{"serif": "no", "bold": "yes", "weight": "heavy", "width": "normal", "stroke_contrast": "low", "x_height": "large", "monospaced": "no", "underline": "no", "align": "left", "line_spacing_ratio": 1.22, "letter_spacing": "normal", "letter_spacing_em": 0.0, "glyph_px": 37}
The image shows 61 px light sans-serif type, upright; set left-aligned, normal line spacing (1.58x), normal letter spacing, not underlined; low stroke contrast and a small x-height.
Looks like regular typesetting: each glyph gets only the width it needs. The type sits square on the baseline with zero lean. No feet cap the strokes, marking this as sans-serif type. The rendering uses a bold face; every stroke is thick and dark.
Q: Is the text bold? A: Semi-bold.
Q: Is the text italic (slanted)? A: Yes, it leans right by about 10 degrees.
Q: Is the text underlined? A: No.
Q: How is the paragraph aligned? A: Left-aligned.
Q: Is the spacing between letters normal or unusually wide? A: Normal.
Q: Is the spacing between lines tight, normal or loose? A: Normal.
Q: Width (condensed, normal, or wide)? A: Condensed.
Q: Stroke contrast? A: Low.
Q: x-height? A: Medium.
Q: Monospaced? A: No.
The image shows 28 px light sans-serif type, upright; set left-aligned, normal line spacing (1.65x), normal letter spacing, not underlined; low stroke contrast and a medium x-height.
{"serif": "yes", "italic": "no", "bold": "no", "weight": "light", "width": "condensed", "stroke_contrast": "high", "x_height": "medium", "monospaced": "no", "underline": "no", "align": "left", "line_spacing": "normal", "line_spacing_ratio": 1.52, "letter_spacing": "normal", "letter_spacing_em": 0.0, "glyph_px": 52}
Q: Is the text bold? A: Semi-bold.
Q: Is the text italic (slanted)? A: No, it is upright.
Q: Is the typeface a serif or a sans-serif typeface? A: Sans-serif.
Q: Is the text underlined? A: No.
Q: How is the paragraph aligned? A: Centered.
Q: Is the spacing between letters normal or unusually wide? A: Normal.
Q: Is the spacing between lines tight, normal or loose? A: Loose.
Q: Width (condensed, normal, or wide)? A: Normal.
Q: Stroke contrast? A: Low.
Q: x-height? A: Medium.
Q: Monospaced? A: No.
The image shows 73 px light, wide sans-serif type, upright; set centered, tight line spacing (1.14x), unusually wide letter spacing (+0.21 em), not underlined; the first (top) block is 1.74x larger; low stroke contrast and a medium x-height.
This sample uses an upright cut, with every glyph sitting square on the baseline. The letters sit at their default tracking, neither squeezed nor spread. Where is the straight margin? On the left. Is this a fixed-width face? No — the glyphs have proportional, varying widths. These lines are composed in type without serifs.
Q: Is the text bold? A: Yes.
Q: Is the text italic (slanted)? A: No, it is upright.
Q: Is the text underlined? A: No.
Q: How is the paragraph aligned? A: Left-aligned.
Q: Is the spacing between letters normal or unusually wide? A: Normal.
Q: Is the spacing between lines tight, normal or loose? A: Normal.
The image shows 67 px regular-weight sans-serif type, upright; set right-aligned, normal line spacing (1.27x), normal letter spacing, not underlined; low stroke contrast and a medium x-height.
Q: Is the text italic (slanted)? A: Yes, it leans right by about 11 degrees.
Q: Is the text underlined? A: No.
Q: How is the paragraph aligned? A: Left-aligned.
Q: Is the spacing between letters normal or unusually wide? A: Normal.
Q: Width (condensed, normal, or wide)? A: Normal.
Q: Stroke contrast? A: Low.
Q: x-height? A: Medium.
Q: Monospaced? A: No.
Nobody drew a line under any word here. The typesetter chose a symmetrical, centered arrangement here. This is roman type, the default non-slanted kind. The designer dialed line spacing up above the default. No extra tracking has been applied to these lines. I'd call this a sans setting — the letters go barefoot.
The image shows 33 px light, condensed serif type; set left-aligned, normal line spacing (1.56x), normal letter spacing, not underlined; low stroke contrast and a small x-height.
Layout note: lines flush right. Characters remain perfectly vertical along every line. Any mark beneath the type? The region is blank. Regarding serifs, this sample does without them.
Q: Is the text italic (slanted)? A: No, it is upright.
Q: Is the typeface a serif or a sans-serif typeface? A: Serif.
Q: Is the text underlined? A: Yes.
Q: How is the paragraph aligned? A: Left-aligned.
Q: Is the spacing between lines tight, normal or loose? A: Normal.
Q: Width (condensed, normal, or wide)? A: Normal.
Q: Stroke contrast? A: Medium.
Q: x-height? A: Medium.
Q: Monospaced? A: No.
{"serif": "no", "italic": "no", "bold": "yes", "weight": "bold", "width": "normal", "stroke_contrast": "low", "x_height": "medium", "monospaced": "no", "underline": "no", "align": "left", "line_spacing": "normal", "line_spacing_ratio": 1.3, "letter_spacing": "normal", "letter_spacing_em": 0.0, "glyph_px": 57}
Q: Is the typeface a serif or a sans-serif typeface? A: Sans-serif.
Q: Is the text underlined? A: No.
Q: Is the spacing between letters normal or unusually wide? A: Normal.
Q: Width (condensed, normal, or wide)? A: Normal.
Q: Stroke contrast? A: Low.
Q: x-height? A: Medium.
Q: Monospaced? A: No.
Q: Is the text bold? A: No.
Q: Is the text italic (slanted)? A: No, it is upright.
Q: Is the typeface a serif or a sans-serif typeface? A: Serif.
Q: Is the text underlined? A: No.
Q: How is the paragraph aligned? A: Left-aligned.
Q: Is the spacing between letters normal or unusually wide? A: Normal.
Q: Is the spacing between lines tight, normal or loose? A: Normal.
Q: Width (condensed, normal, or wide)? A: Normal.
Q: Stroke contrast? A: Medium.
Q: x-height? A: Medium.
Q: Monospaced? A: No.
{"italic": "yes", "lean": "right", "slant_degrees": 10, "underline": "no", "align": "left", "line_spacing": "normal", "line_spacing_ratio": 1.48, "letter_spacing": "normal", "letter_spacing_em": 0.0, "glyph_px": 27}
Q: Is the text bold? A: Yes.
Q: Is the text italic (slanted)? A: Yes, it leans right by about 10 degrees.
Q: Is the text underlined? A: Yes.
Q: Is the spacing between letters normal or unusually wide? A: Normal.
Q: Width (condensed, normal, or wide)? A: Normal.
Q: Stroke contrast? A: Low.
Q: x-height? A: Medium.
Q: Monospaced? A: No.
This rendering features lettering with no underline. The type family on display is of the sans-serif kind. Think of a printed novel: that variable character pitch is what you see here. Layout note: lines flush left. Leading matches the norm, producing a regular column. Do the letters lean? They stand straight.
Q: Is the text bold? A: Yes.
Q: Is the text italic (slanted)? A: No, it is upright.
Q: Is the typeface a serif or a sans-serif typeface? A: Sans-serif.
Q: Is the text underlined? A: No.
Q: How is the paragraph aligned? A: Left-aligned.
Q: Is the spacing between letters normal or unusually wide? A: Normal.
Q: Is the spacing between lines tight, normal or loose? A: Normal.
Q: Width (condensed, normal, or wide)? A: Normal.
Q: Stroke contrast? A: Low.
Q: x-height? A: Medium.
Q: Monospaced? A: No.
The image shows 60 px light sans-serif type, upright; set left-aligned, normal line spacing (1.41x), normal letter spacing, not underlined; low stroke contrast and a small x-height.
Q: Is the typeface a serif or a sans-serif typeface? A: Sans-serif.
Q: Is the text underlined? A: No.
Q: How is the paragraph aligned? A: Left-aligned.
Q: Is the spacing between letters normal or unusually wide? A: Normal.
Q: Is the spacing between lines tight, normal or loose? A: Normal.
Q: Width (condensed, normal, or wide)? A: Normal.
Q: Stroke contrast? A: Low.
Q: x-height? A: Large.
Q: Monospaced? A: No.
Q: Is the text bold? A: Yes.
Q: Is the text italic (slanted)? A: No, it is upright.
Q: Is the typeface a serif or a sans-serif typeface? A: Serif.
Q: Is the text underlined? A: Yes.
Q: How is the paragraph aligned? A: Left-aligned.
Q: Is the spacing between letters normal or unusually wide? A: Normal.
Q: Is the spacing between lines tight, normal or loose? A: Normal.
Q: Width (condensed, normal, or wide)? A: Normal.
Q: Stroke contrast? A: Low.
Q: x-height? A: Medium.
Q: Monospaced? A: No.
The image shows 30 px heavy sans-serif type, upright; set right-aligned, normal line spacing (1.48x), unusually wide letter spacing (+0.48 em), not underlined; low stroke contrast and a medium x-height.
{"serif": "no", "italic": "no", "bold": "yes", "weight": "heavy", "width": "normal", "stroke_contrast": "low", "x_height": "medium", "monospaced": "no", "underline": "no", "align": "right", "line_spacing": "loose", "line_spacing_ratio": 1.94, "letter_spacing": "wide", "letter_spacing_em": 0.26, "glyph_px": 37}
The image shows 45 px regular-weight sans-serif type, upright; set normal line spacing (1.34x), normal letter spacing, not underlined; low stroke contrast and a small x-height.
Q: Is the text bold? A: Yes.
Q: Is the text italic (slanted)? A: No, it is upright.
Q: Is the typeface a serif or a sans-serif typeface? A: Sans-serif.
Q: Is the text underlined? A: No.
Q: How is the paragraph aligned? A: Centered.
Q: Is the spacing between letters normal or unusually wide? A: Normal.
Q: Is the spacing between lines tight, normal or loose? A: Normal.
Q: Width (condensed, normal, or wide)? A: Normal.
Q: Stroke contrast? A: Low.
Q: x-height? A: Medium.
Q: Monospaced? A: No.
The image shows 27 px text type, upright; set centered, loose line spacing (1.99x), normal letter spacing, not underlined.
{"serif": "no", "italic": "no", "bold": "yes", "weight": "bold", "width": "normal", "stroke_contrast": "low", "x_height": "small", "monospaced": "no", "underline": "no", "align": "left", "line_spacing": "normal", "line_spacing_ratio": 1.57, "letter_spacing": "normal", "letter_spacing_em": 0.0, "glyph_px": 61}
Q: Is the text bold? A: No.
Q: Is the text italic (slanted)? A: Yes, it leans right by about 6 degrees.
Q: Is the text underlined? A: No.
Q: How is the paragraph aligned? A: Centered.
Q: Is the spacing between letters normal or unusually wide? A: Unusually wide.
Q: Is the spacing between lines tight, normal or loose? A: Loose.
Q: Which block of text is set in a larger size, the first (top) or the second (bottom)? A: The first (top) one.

============================================================

EXERCISE INSTRUCTIONS
Search the data above and return each line in which "larger" occurs.

SOLUTION FOR THIS EXERCISE
The image shows 73 px light, wide sans-serif type, upright; set centered, tight line spacing (1.14x), unusually wide letter spacing (+0.21 em), not underlined; the first (top) block is 1.74x larger; low stroke contrast and a medium x-height.
Q: Which block of text is set in a larger size, the first (top) or the second (bottom)? A: The first (top) one.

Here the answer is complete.